Remote MCP adds network hop (10–80 ms) per tool call. Batch read-only operations in single tools where possible; avoid chatty micro-tool designs.

📦 Real World

Platform teams expose one internal MCP gateway URL; product teams register servers via GitOps PR to the registry repo—mirroring internal API catalog patterns.

Latency budget per MCP tool call

Transport	Connect	tools/list	tools/call p95
stdio (warm process)	0 ms (pooled)	5–20 ms	20–200 ms
SSE remote	30–100 ms	40–120 ms	80–500 ms

Budget MCP like external APIs: set per-tool timeouts, circuit-break after N failures, and return structured {"error":"server_unavailable"} to the model instead of hanging the agent loop.

Mapping MCP to Anthropic and Bedrock

OpenAI uses tools with function schemas. Anthropic uses tool_use blocks with input objects. Bedrock Converse API unifies tool config across model vendors. Your schema bridge should emit provider-specific payloads from one canonical MCP descriptor list—do not fork business logic per provider.

def to_provider_tools(mcp_tools: list[dict], provider: str, prefix: str) -> list[dict]:
    if provider == "openai":
        return [mcp_tool_to_openai(t, prefix) for t in mcp_tools]
    if provider == "anthropic":
        return [{"name": f"{prefix}__{t['name']}", "description": t["description"],
                 "input_schema": t["input_schema"]} for t in mcp_tools]
    raise ValueError(f"unsupported provider: {provider}")

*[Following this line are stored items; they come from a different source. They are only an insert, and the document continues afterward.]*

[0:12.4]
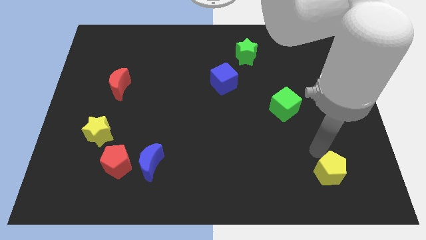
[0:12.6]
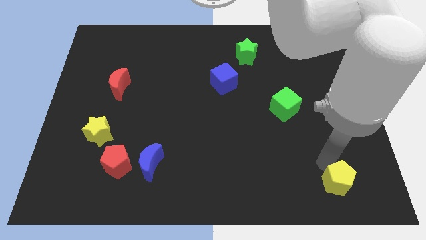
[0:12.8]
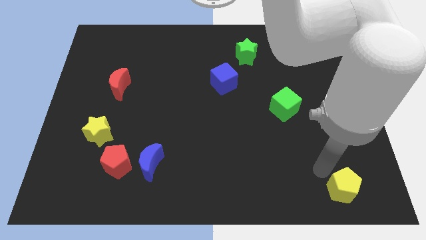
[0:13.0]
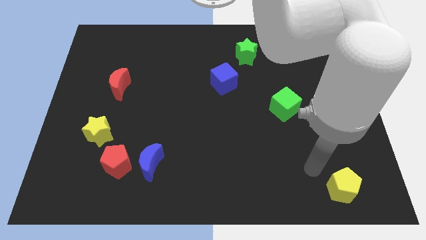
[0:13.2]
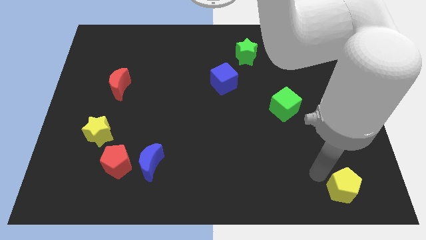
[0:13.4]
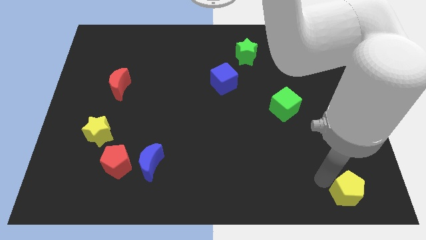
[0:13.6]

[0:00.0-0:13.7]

public List<ToolDefinition> toProviderTools(
        List<McpToolDescriptor> tools, Provider provider, String prefix) {
    return tools.stream().map(t -> switch (provider) {
        case OPENAI -> openAiMapper.map(t, prefix);
        case ANTHROPIC -> anthropicMapper.map(t, prefix);
        case BEDROCK -> bedrockMapper.map(t, prefix);
    }).toList();
}

Related Track 4 guides

Agents explained — tool loops and when agents beat chains
Tool calling — function schemas before MCP wiring
Multi-agent orchestration — supervisors calling MCP specialists
Agentic RAG — retrieval tools exposed via MCP servers

🎯 Interview Tip

Contrast MCP with OpenAPI: OpenAPI describes HTTP APIs for humans and codegen; MCP describes model-invokable capabilities with discovery and bidirectional sampling. Both can coexist—MCP server wraps internal REST.

Local development checklist

Run mcp_inspect.py to list tools without invoking the LLM
Snapshot golden tools/list JSON in unit tests
Test allowlist drops: ensure removed tools never appear in OpenAI payload
Simulate server crash mid-session; host should reconnect or degrade gracefully
Record one full trace (initialize → list → call) for onboarding docs

Spec resources

The MCP specification lives at modelcontextprotocol.io. SDKs for Python and TypeScript track spec versions—when Anthropic or the steering committee publishes transport updates, upgrade host and server SDKs in lockstep. Internal wrappers should not reimplement JSON-RPC; use official clients to avoid subtle protocol bugs.